This Hallowed Ground - Bruce Catton [89]
The result of all of this was that McDowell never did make his move down to help McClellan, and by the middle of June the Army of the Potomac was still waiting, part of it on one side of the Chickahominy and part of it on the other, in a position that fairly invited attack. And the Confederates in front of Richmond were now under General Lee, to whom nobody ever had to extend such an invitation more than once.
4. Delusion and Defeat
The real trouble was away down inside somewhere. McClellan had his problems, to be sure. His government had interfered with his plans, it had promised troops that were not sent, and it had all but openly accused him of wanting to lose the war — or at least of not wholeheartedly wanting to win it. But the tragedy that was about to unfold in the steaming swamps and pine flats around Richmond came mostly from within the man. At bottom, it was the tragedy of a man who could not quite measure up.
McClellan had nearly all of the gifts: youth, energy, charm, intelligence, sound professional training. But the fates who gave him these gifts left out the one that a general must have before all others — the hard, instinctive fondness for fighting. Robert E. Lee was one of the most pugnacious soldiers in American history, and McClellan himself did not like to fight. He could not impose his will on the man who stood opposite him. He was leading an offensive thrust that had taken him to the suburbs of the southern capital, yet it was just a question of time before the initiative would be taken away from him.
By the end of the third week in June, McClellan had an effective strength, present for duty in front of Richmond, of approximately one hundred and five thousand men. They were arrayed in secure fieldworks, safe from any direct counterthrust, and although the humid lowland heat was so oppressive that many men had fallen ill and the air was hideous with the odor of bodies still unburied from the Fair Oaks-Seven Pines battles, morale was high. The men understood McClellan’s plan and believed in it: to advance by slow stages, fortifying each gain, wheeling the heavy siege guns forward until finally they could blast the Confederate works out of the way and go on into Richmond.

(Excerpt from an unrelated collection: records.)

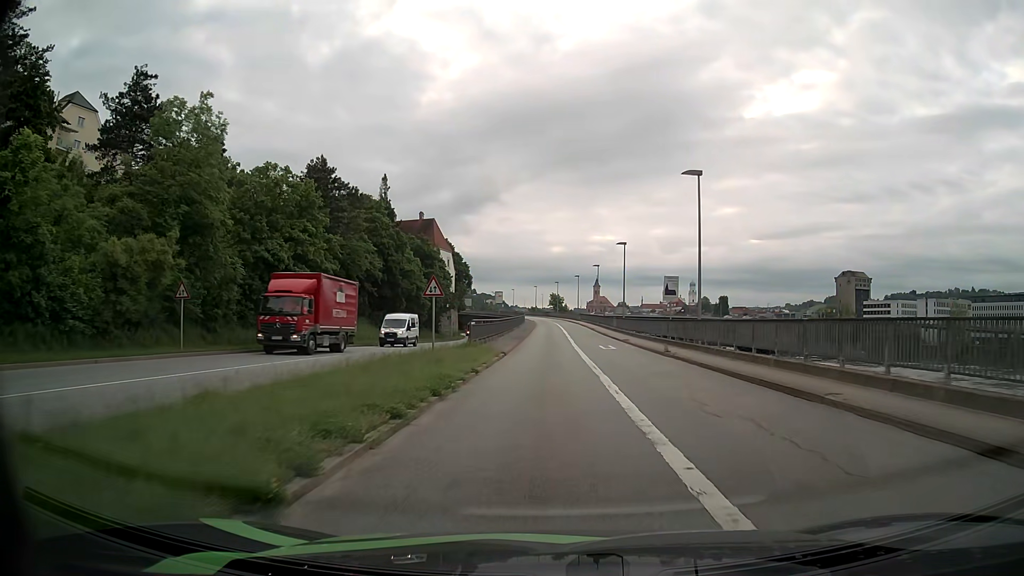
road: primary_link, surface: asphalt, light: Day
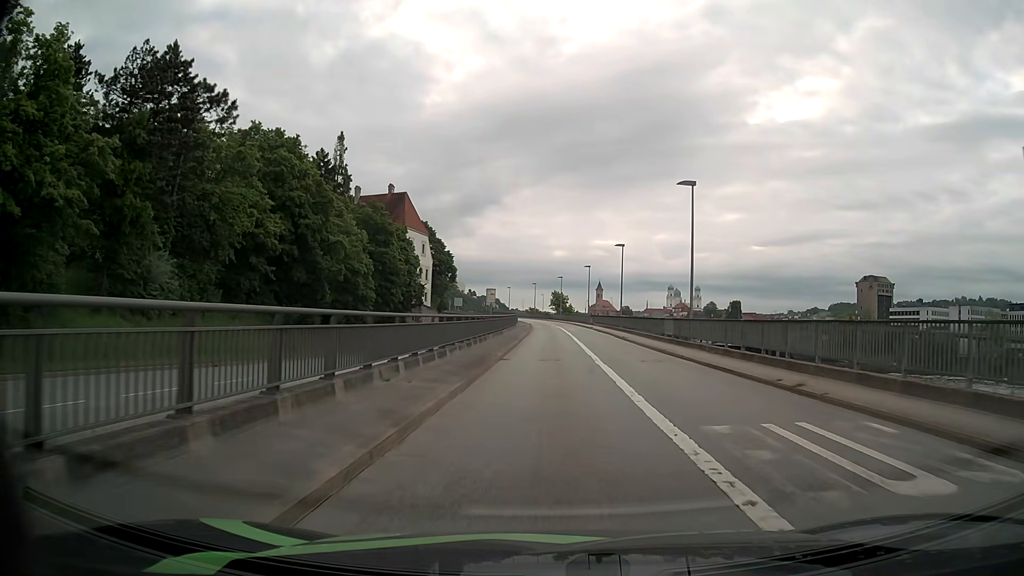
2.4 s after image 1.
(-0.1, +27.7) m; 0°
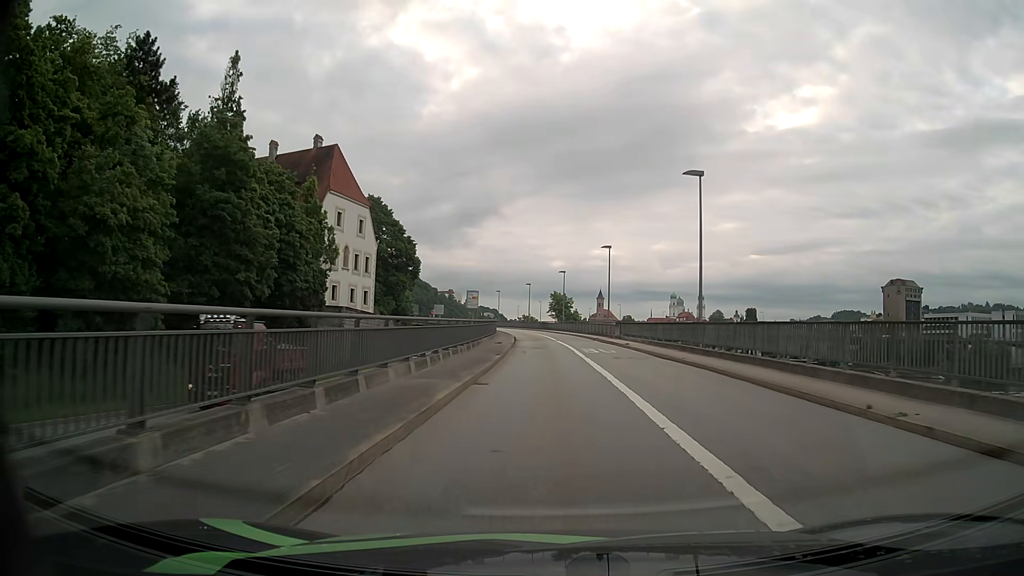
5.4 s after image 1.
(+0.1, +33.3) m; 0°
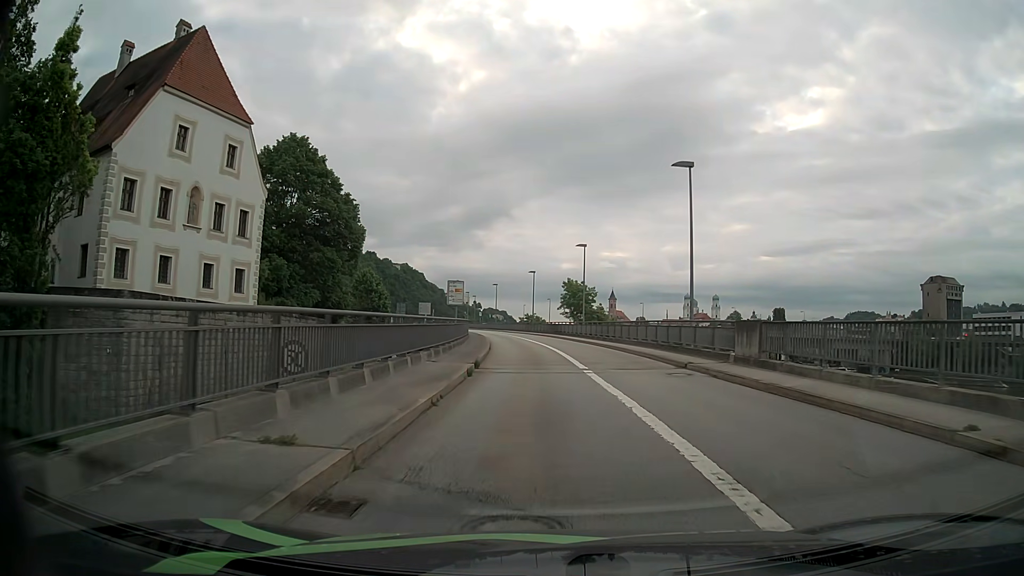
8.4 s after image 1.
(-0.2, +31.4) m; -1°
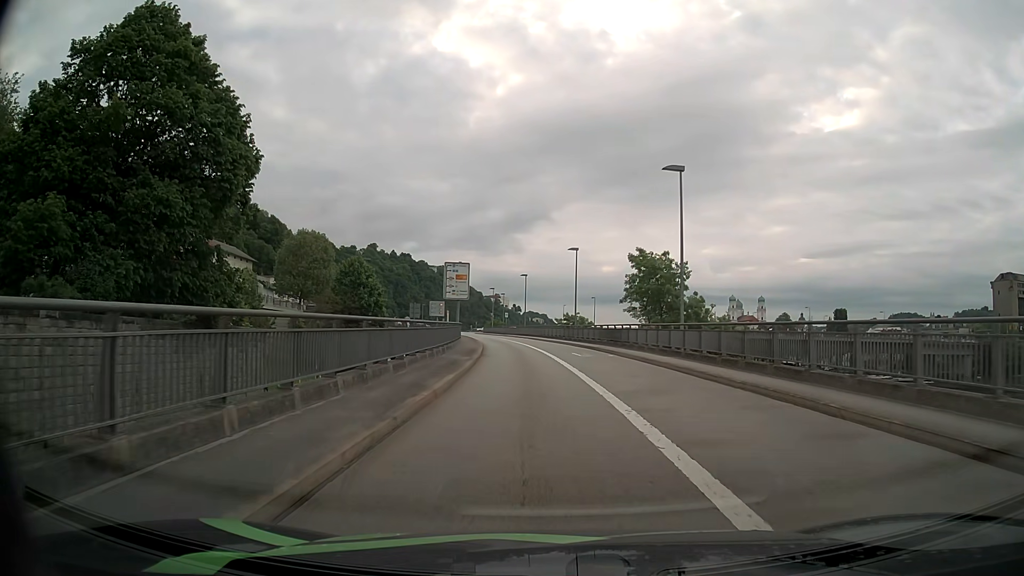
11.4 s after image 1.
(-0.8, +29.5) m; -3°
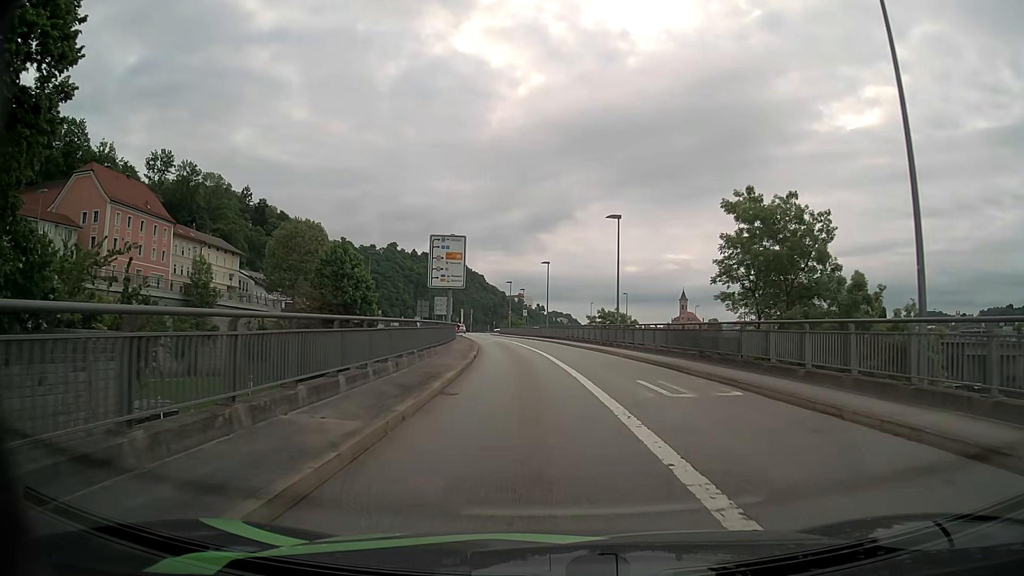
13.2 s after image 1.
(-0.3, +17.1) m; -2°
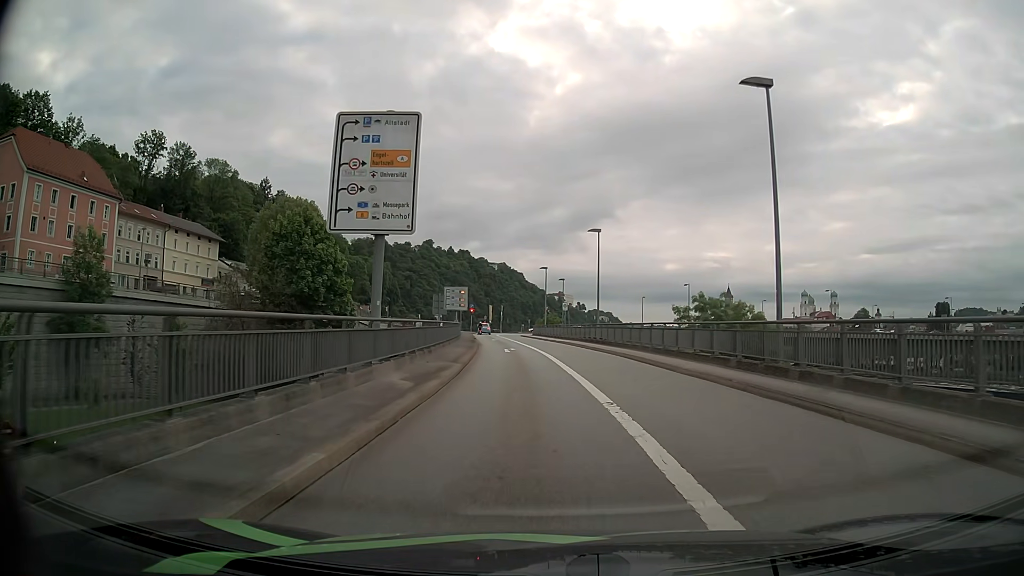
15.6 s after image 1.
(-0.7, +23.2) m; -3°
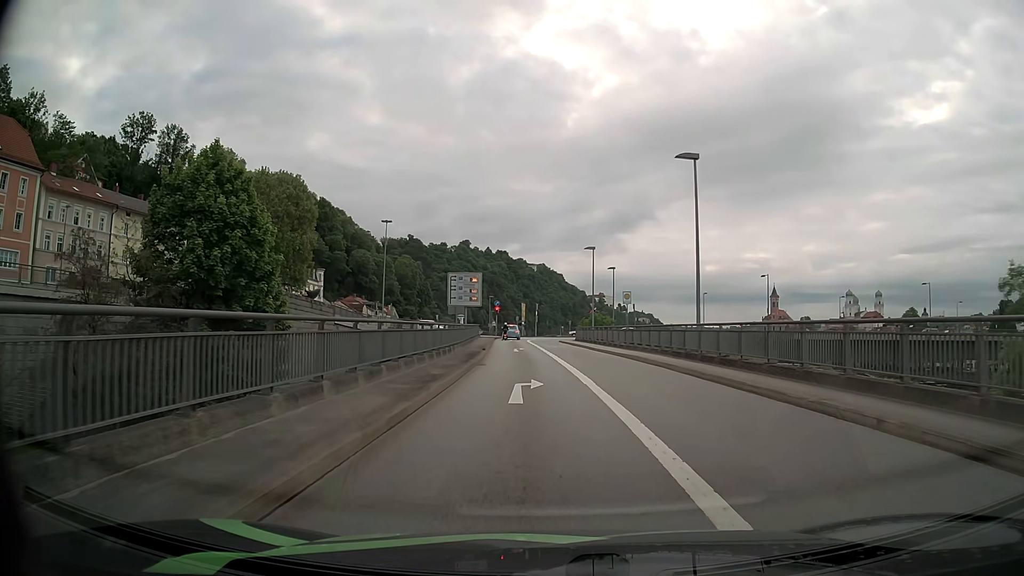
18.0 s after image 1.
(-0.6, +21.1) m; -3°
(0, +10) (-1, +20) (-1, +30) (-2, +40) (-3, +50) (-4, +60) (-4, +70) (-1, +79) (+7, +85) (+17, +87) m

Lee understood this plan, too, and on the surface it did not appear that there was much he could do to stop it. When he had scraped together the last possible reinforcements (including Jackson’s men, who finally slipped down from the valley to join him) he had perhaps eighty thousand men. During most of June his total was far short of that, and it could never go any higher. His defensive works were not nearly as powerful as they were to become two years later. If he was to drive McClellan away he would have to work something like a military miracle.
McClellan’s own hopes were high. During the first three weeks of June his dispatches to the War Department and his letters to his wife (as revealing a set of documents as any general ever wrote) were full of promises. He was always going to make his big move in just two or three more days — as soon as the rains stopped, as soon as so-and-so’s division joined him, as soon as this or that or the other thing was all ready. The two or three days would pass, the rains would stop, the other things would work out right, but nothing would happen. Never could he bring himself to the point of action.1
He believed that he was horribly outnumbered. He had always believed it — even in the fall of 1861, when Johnston waited in his works at Manassas with no more than half of McClellan’s strength. He had believed it on the peninsula in April, when Johnston was writing scornfully that “no one but McClellan would have hesitated to attack.” He believed it now. Lee, he was convinced, had between one hundred and fifty thousand and two hundred thousand men, possibly more.